**TASK OBJECTIVE:**
Exact copy, pictures excluded: reproduce every record below.

--

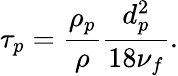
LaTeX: \tau_{p}=\frac{\rho_{p}}{\rho}\frac{d_{p}^{2}}{18\nu_{f}}.
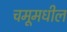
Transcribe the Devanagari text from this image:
चमूमधील
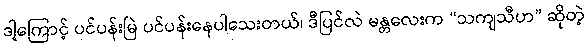
ဒါ့ကြောင့် ပင်ပန်းမြဲ ပင်ပန်းနေပါသေးတယ်၊ ဒီပြင်လဲ မန္တလေးက “သကျသီဟ” ဆိုတဲ့
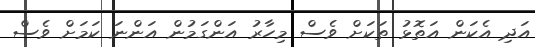
އަދި އެކަން އަތޮޅު ތަކަށް ވެސް މިހާރު އަންގަމުން އަންނަ ކަމަށް ވެސް
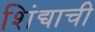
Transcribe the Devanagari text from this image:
शिंद्याची
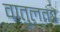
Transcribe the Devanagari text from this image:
वातुलतंत्र
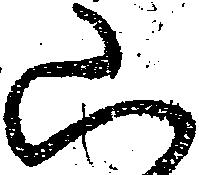
山
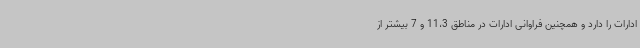
ادارات را دارد و همچنین فراوانی ادارات در مناطق 11،3 و 7 بیشتر از
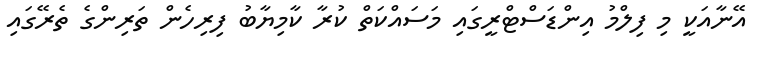
އޭނާއަކީ މި ފިލްމު އިންޑަސްޓްރީގައި މަސައްކަތް ކުރާ ކާމިޔާބު ފިރިހެން ތަރިންގެ ތެރޭގައި
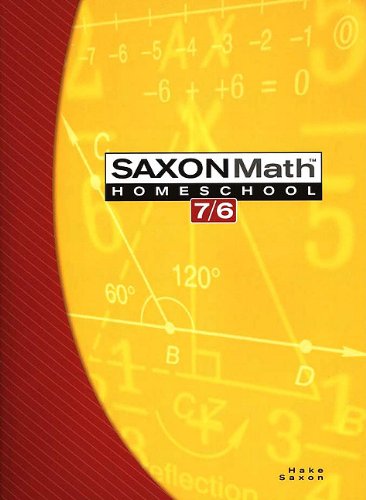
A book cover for Saxon Math 7/6: Homeschool Edition Student Text; SAXON PUBLISHERS; Education & Teaching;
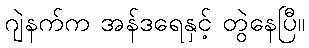
ဂျဲနက်က အန်ဒရေနှင့် တွဲနေပြီ။
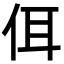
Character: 佴
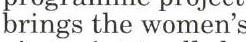
brings the women's
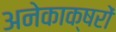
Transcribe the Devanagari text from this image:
अनेकाक्षरों
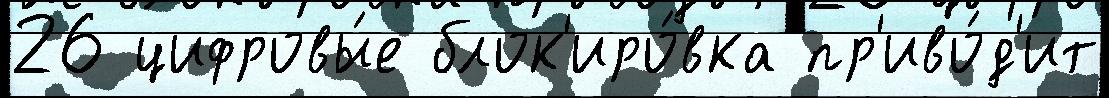
26 цифровы́е блок'иро́вка пр'иво́д'ит
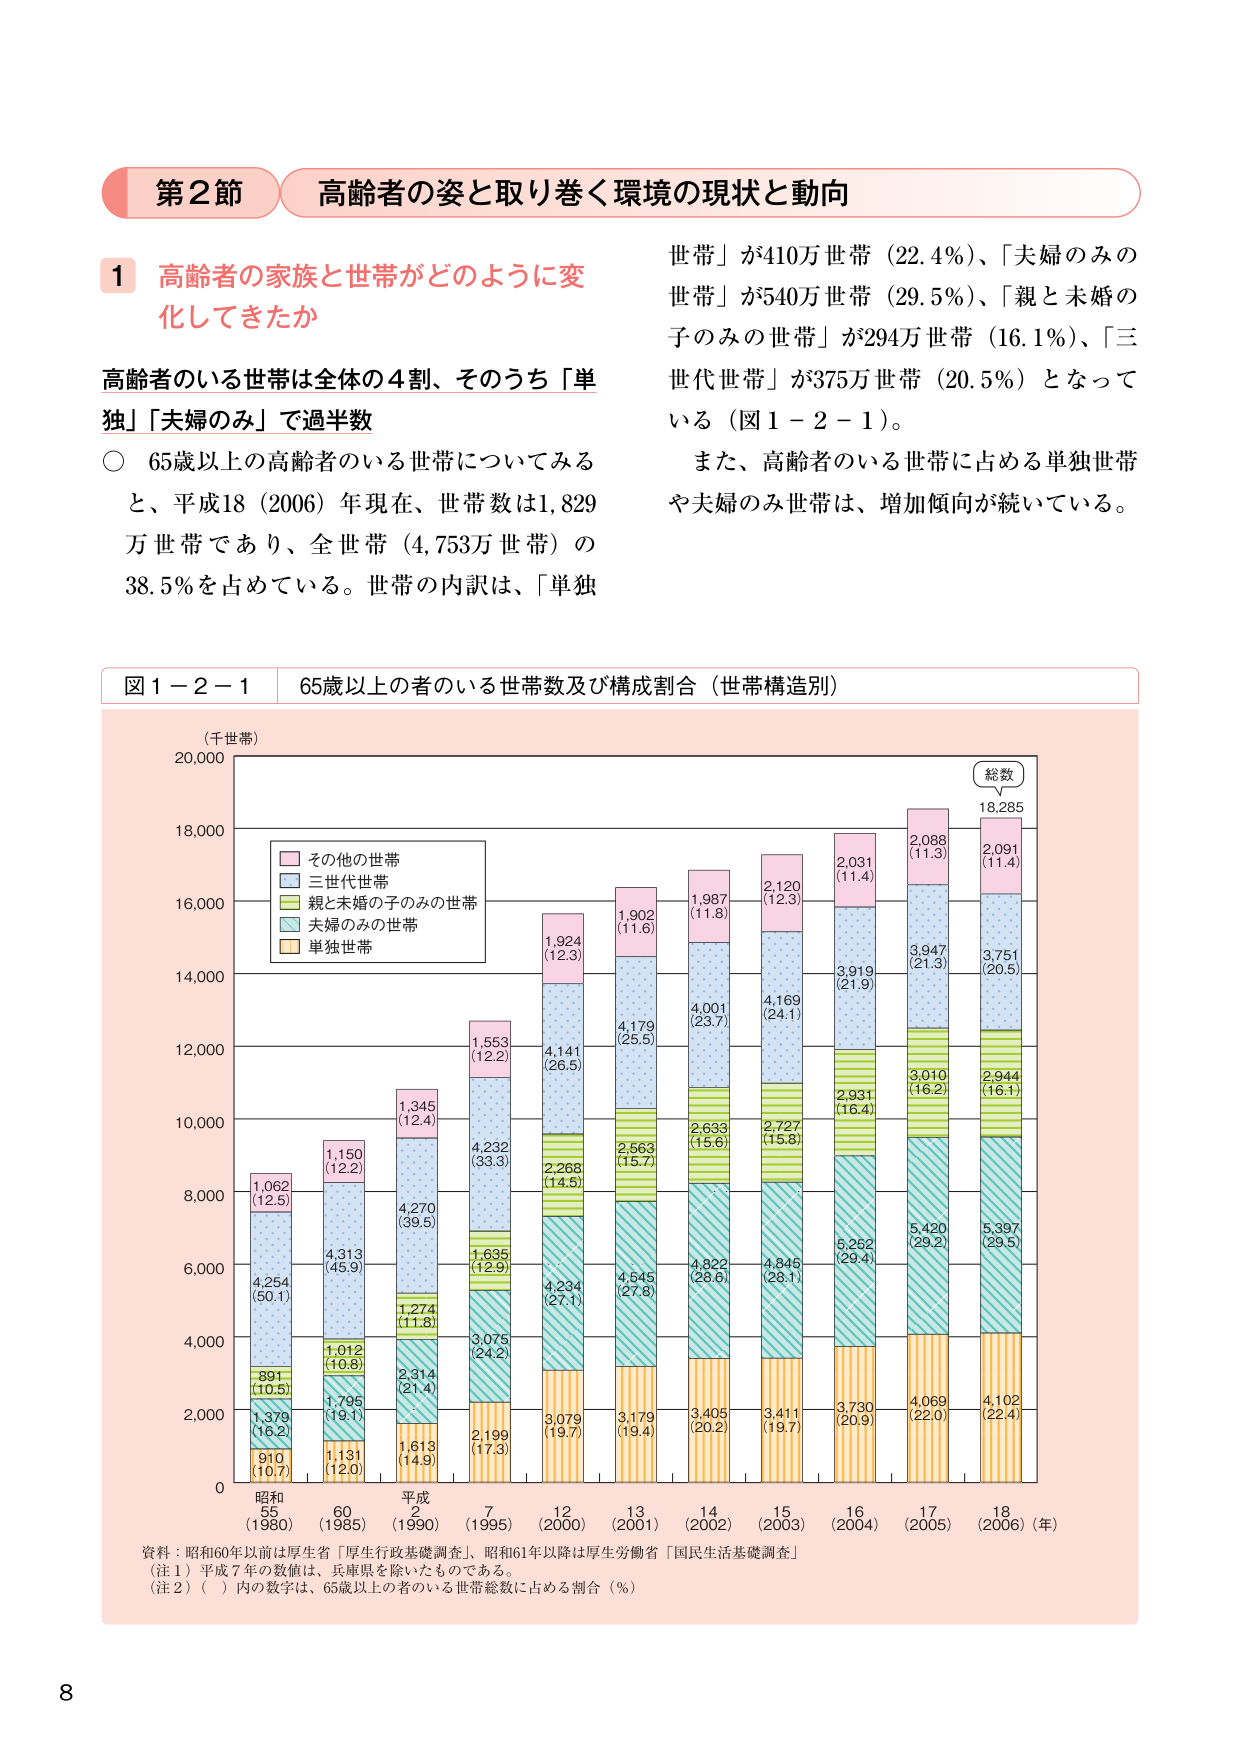
第2節 高齢者の姿と取り巻く環境の現状と動向

1 高齢者の家族と世帯がどのように変化してきたか

高齢者のいる世帯は全体の4割、そのうち「単独」「夫婦のみ」で過半数

○ 65歳以上の高齢者のいる世帯についてみると、平成18（2006）年現在、世帯数は1,829万世帯であり、全世帯（4,753万世帯）の38.5％を占めている。世帯の内訳は、「単独世帯」が410万世帯（22.4％）、「夫婦のみの世帯」が540万世帯（29.5％）、「親と未婚の子のみの世帯」が294万世帯（16.1％）、「三世代世帯」が375万世帯（20.5％）となっている（図1－2－1）。

また、高齢者のいる世帯に占める単独世帯や夫婦のみ世帯は、増加傾向が続いている。

図1－2－1 65歳以上の者のいる世帯数及び構成割合（世帯構造別）

（千世帯）
20,000
18,000
16,000
14,000
12,000
10,000
8,000
6,000
4,000
2,000
0

総数
18,285

その他の世帯
三世代世帯
親と未婚の子のみの世帯
夫婦のみの世帯
単独世帯

1,062
(12.5)
4,254
(50.1)
891
(10.5)
1,379
(16.2)
910
(10.7)

1,150
(12.2)
4,313
(45.9)
1,012
(10.8)
1,795
(19.1)
1,131
(12.0)

1,345
(12.4)
4,270
(39.5)
1,274
(11.8)
2,314
(21.4)
1,613
(14.9)

1,553
(12.2)
4,232
(33.3)
1,635
(12.9)
3,075
(24.2)
2,199
(17.3)

1,924
(12.3)
4,141
(26.5)
2,268
(14.5)
4,234
(27.1)
3,079
(19.7)

1,902
(11.6)
4,179
(25.5)
2,563
(15.7)
4,545
(27.8)
3,179
(19.4)

1,987
(11.8)
4,001
(23.7)
2,633
(15.6)
4,822
(28.6)
3,405
(20.2)

2,120
(12.3)
4,169
(24.1)
2,727
(15.8)
4,845
(26.1)
3,411
(19.7)

2,031
(11.4)
3,919
(21.9)
2,931
(16.4)
5,252
(29.4)
3,730
(20.9)

2,088
(11.3)
3,947
(21.3)
3,010
(16.2)
5,420
(29.2)
4,069
(22.0)

2,091
(11.4)
3,751
(20.5)
2,944
(16.1)
5,397
(29.5)
4,102
(22.4)

昭和
55
(1980)
60
(1985)
平成
2
(1990)
7
(1995)
12
(2000)
13
(2001)
14
(2002)
15
(2003)
16
(2004)
17
(2005)
18
(2006)（年）

資料：昭和60年以前は厚生省「厚生行政基礎調査」、昭和61年以降は厚生労働省「国民生活基礎調査」
（注1）平成7年の数値は、兵庫県を除いたものである。
（注2）（　）内の数字は、65歳以上の者のいる世帯総数に占める割合（％）

8
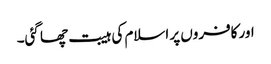
اور کافروں پر اسلام کی ہیبت چھا گئی۔
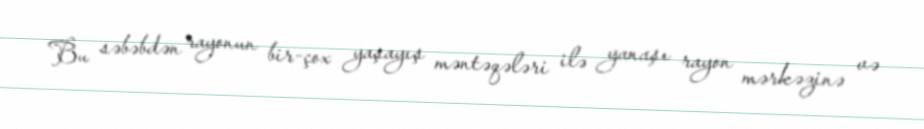
Bu səbəbdən rayonun bir-çox yaşayış məntəqələri ilə yanaşı rayon mərkəzinə və
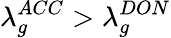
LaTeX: \lambda_{g}^{ACC}>\lambda_{g}^{DON}
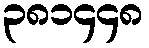
၃၈၁၄၄၈
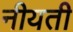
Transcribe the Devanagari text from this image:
नीयती
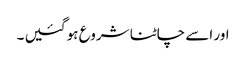
اور اسے چاٹنا شروع ہو گئیں ۔
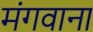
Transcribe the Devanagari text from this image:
मंगवाना
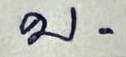
บ.
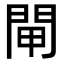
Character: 閘
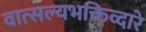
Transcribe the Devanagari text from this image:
वात्सल्यभक्तिव्दारे
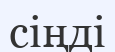
сіңді
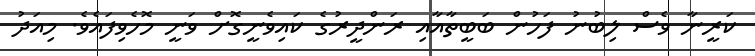
ކަރީނާ ވެސް ލިބުނު ފަހުން ބަބީތާއާއި ރަންދީރުގެ ކައިވެނީގޮށް ވަނީ މޮހެވިފައެވެ. މިއަދު
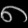
Digit: ၈
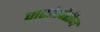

--

**EXERCISE ANSWER:**
LaTeX: \tau_{p}=\frac{\rho_{p}}{\rho}\frac{d_{p}^{2}}{18\nu_{f}}.
Transcribe the Devanagari text from this image:
चमूमधील
ဒါ့ကြောင့် ပင်ပန်းမြဲ ပင်ပန်းနေပါသေးတယ်၊ ဒီပြင်လဲ မန္တလေးက “သကျသီဟ” ဆိုတဲ့
އަދި އެކަން އަތޮޅު ތަކަށް ވެސް މިހާރު އަންގަމުން އަންނަ ކަމަށް ވެސް
Transcribe the Devanagari text from this image:
शिंद्याची
Transcribe the Devanagari text from this image:
वातुलतंत्र
山
ادارات را دارد و همچنین فراوانی ادارات در مناطق 11،3 و 7 بیشتر از
އޭނާއަކީ މި ފިލްމު އިންޑަސްޓްރީގައި މަސައްކަތް ކުރާ ކާމިޔާބު ފިރިހެން ތަރިންގެ ތެރޭގައި
A book cover for Saxon Math 7/6: Homeschool Edition Student Text; SAXON PUBLISHERS; Education & Teaching;
ဂျဲနက်က အန်ဒရေနှင့် တွဲနေပြီ။
Character: 佴
brings the women's
Transcribe the Devanagari text from this image:
अनेकाक्षरों
26 цифровы́е блок'иро́вка пр'иво́д'ит
第2節 高齢者の姿と取り巻く環境の現状と動向

1 高齢者の家族と世帯がどのように変化してきたか

高齢者のいる世帯は全体の4割、そのうち「単独」「夫婦のみ」で過半数

○ 65歳以上の高齢者のいる世帯についてみると、平成18（2006）年現在、世帯数は1,829万世帯であり、全世帯（4,753万世帯）の38.5％を占めている。世帯の内訳は、「単独世帯」が410万世帯（22.4％）、「夫婦のみの世帯」が540万世帯（29.5％）、「親と未婚の子のみの世帯」が294万世帯（16.1％）、「三世代世帯」が375万世帯（20.5％）となっている（図1－2－1）。

また、高齢者のいる世帯に占める単独世帯や夫婦のみ世帯は、増加傾向が続いている。

図1－2－1 65歳以上の者のいる世帯数及び構成割合（世帯構造別）

（千世帯）
20,000
18,000
16,000
14,000
12,000
10,000
8,000
6,000
4,000
2,000
0

総数
18,285

その他の世帯
三世代世帯
親と未婚の子のみの世帯
夫婦のみの世帯
単独世帯

1,062
(12.5)
4,254
(50.1)
891
(10.5)
1,379
(16.2)
910
(10.7)

1,150
(12.2)
4,313
(45.9)
1,012
(10.8)
1,795
(19.1)
1,131
(12.0)

1,345
(12.4)
4,270
(39.5)
1,274
(11.8)
2,314
(21.4)
1,613
(14.9)

1,553
(12.2)
4,232
(33.3)
1,635
(12.9)
3,075
(24.2)
2,199
(17.3)

1,924
(12.3)
4,141
(26.5)
2,268
(14.5)
4,234
(27.1)
3,079
(19.7)

1,902
(11.6)
4,179
(25.5)
2,563
(15.7)
4,545
(27.8)
3,179
(19.4)

1,987
(11.8)
4,001
(23.7)
2,633
(15.6)
4,822
(28.6)
3,405
(20.2)

2,120
(12.3)
4,169
(24.1)
2,727
(15.8)
4,845
(26.1)
3,411
(19.7)

2,031
(11.4)
3,919
(21.9)
2,931
(16.4)
5,252
(29.4)
3,730
(20.9)

2,088
(11.3)
3,947
(21.3)
3,010
(16.2)
5,420
(29.2)
4,069
(22.0)

2,091
(11.4)
3,751
(20.5)
2,944
(16.1)
5,397
(29.5)
4,102
(22.4)

昭和
55
(1980)
60
(1985)
平成
2
(1990)
7
(1995)
12
(2000)
13
(2001)
14
(2002)
15
(2003)
16
(2004)
17
(2005)
18
(2006)（年）

資料：昭和60年以前は厚生省「厚生行政基礎調査」、昭和61年以降は厚生労働省「国民生活基礎調査」
（注1）平成7年の数値は、兵庫県を除いたものである。
（注2）（　）内の数字は、65歳以上の者のいる世帯総数に占める割合（％）

8
اور کافروں پر اسلام کی ہیبت چھا گئی۔
Bu səbəbdən rayonun bir-çox yaşayış məntəqələri ilə yanaşı rayon mərkəzinə və
LaTeX: \lambda_{g}^{ACC}>\lambda_{g}^{DON}
၃၈၁၄၄၈
Transcribe the Devanagari text from this image:
नीयती
اور اسے چاٹنا شروع ہو گئیں ۔
Transcribe the Devanagari text from this image:
मंगवाना
บ.
Character: 閘
Transcribe the Devanagari text from this image:
वात्सल्यभक्तिव्दारे
сіңді
ކަރީނާ ވެސް ލިބުނު ފަހުން ބަބީތާއާއި ރަންދީރުގެ ކައިވެނީގޮށް ވަނީ މޮހެވިފައެވެ. މިއަދު
Digit: ၈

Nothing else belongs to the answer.